Co-op set to unveil 'bail in' plan to plug £1.5bn hole
The Co-operative Bank is set to unveil a rescue plan to tackle the hole in its balance sheet.
The BBC's business editor, Robert Peston, has learned that the hole is around £1.5bn.
He said a lot of the capital to be used to plug the hole will come through a "bail in" - a process where bonds will be turned into shares.
However, the plan makes Co-operative Bank appear much more like a bank than a mutual organisation.
An announcement between the bank and the Prudential Regulation Authority could come within the next few hours.
Under such a rescue deal, it is unlikely that taxpayer money will be required or that savers will be affected, but it could affect up to 5,000 smaller investors.
Concerns about the bank's capital arose after a deal with Lloyds collapsed.
In April, the Co-op cancelled a plan to buy 631 bank branches from Lloyds Banking Group.
That was followed two weeks later by the ratings agency Moody's downgrading the bank's debt to junk status.

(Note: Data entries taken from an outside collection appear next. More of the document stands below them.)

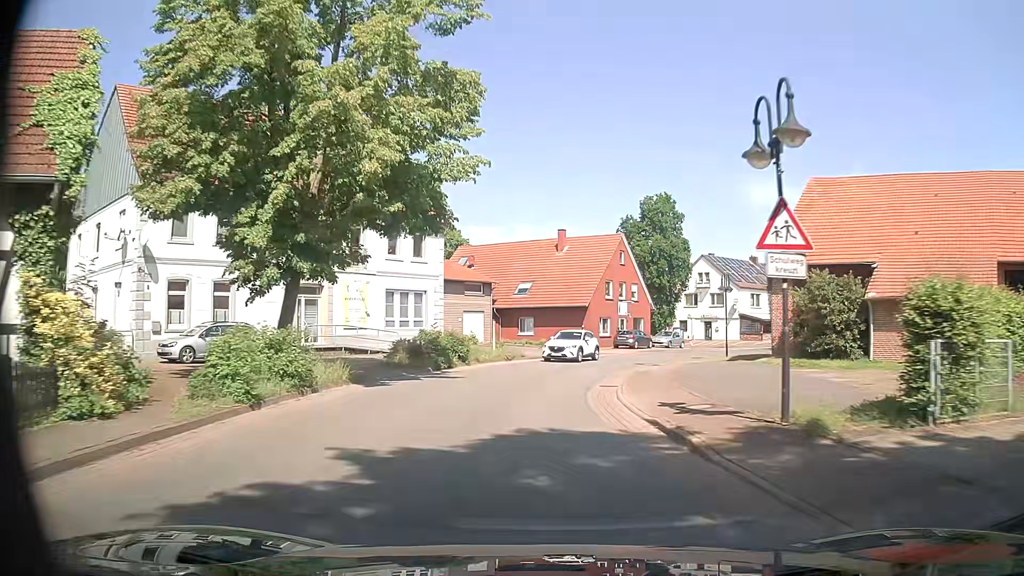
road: secondary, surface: asphalt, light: Day
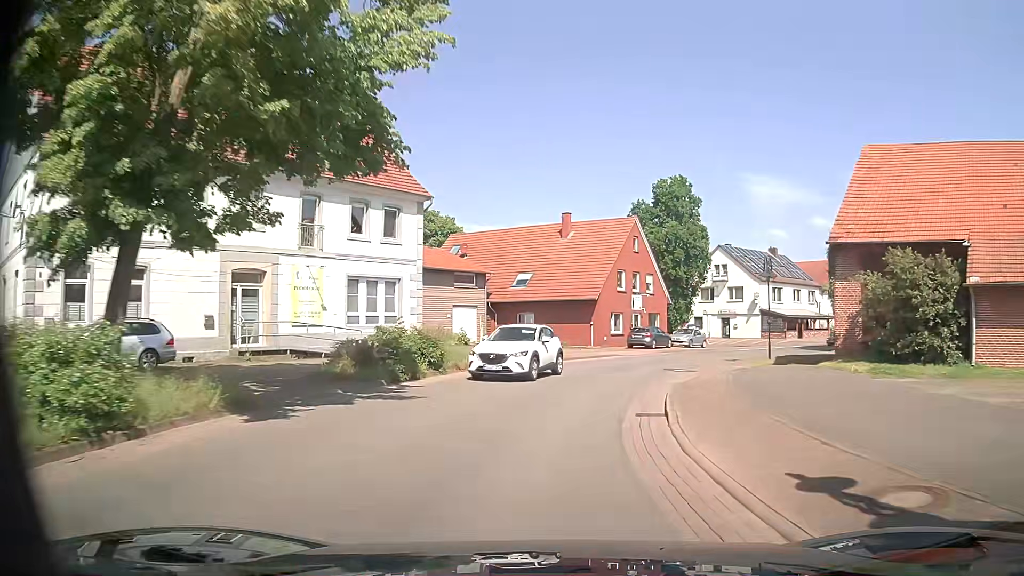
(0.0, +7.2) m; 0°
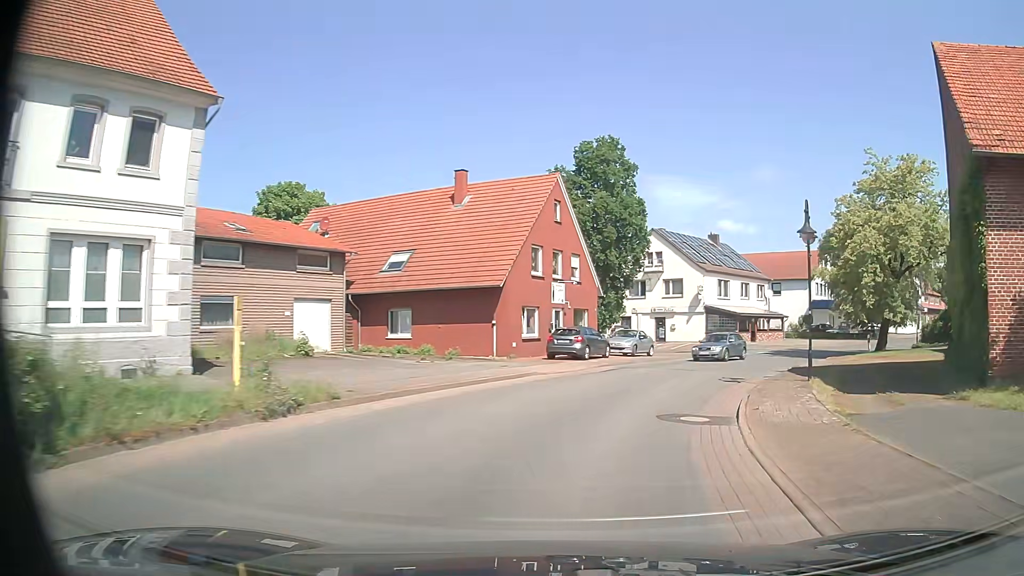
(+0.6, +14.2) m; +6°
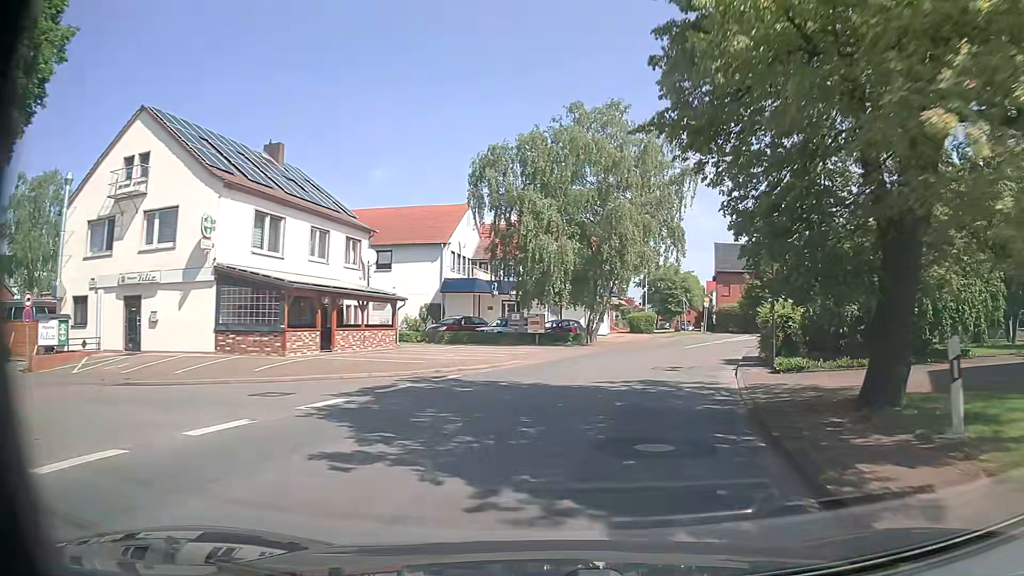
(+11.6, +32.4) m; +34°
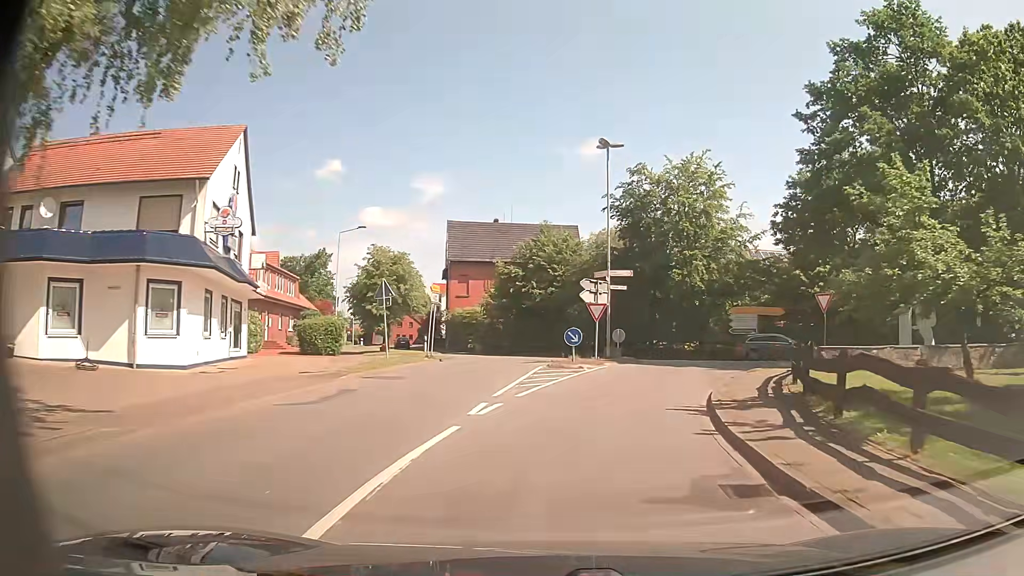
(+7.4, +33.3) m; +23°
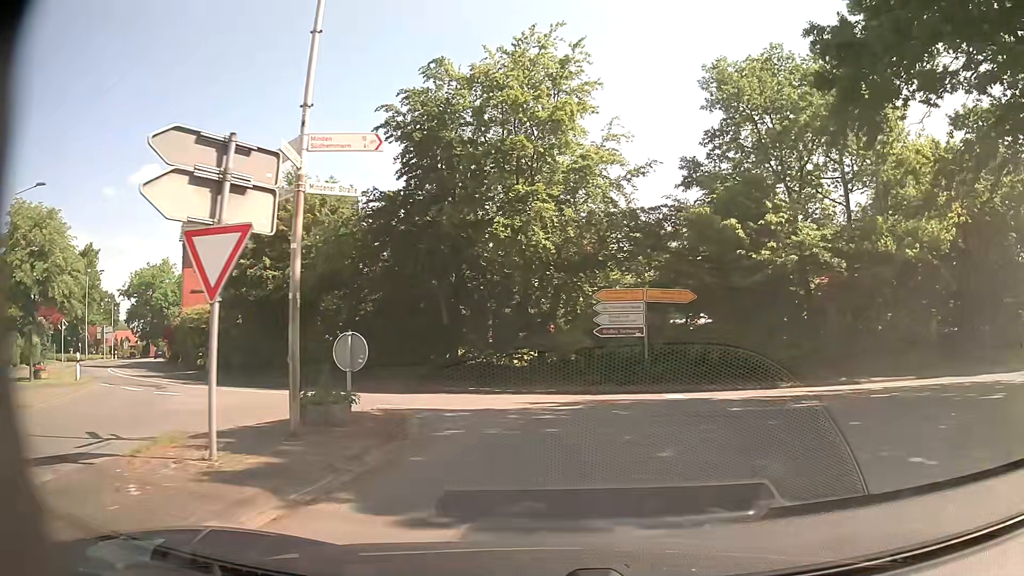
(+3.1, +20.3) m; +18°
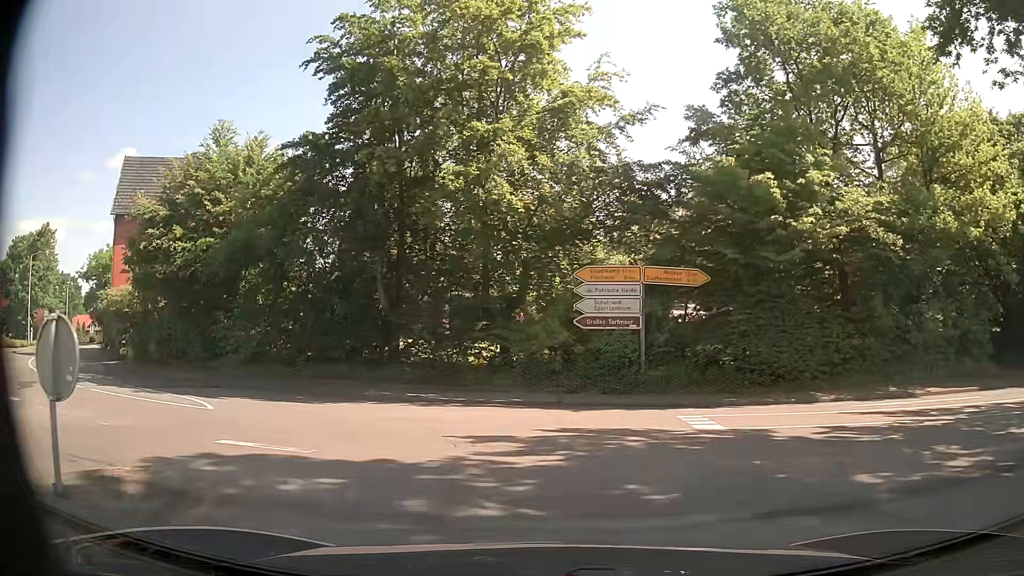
(+0.1, +6.2) m; +3°
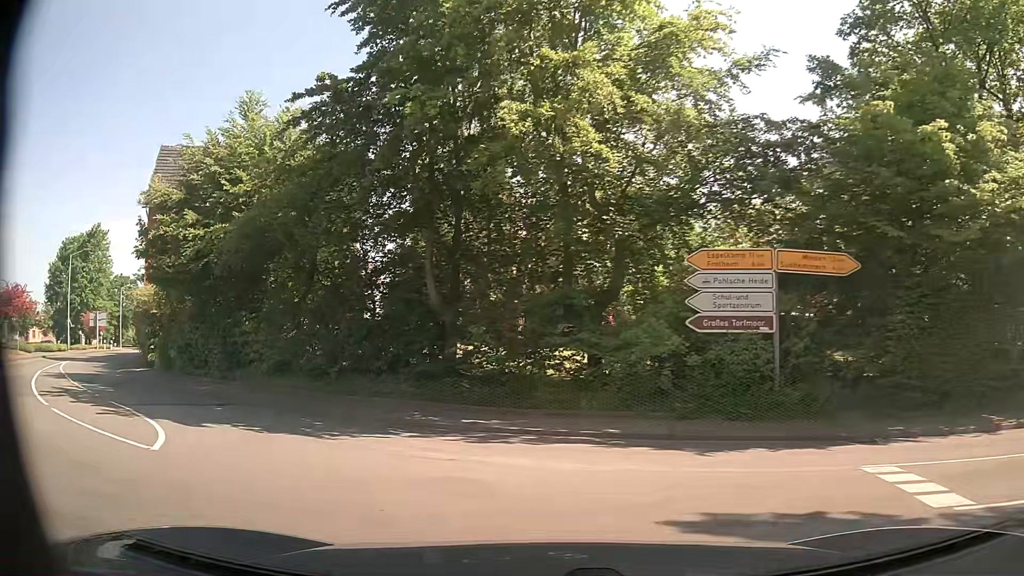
(-0.3, +5.3) m; -8°
(-3, +10) (-9, +17) (-17, +24) (-24, +31) (-30, +39) (-34, +48) (-39, +57) (-43, +66) (-47, +75) (-52, +83) m

The agency warned the bank may need "external support" if it could not strengthen its balance sheet.
In response to Moody's, the Co-op said it had a "strong funding profile" that was "significantly above the regulatory requirements".
But the bank admitted there was a "need to strengthen our capital position in light of the broader economic downturn and the pending introduction of enhanced regulatory requirements".
It added: "We have a clear plan to drive this forward throughout the coming months."
Most of Co-op Bank's problems stem from bad loans associated with its takeover of Britannia Building Society in 2009.
Any agreement with Co-op would be the first test of the new city regulator, the Prudential Regulation Authority, since it assumed responsibility from the Financial Services Authority in April for regulating the banks. Part of its mandate is to ensure that the banks won't have to be bailed out from taxpayer money again.
The Co-operative Group, parent of Co-op Bank, was founded in 1863. It has more than 6 million members and employs more than 100,000 people.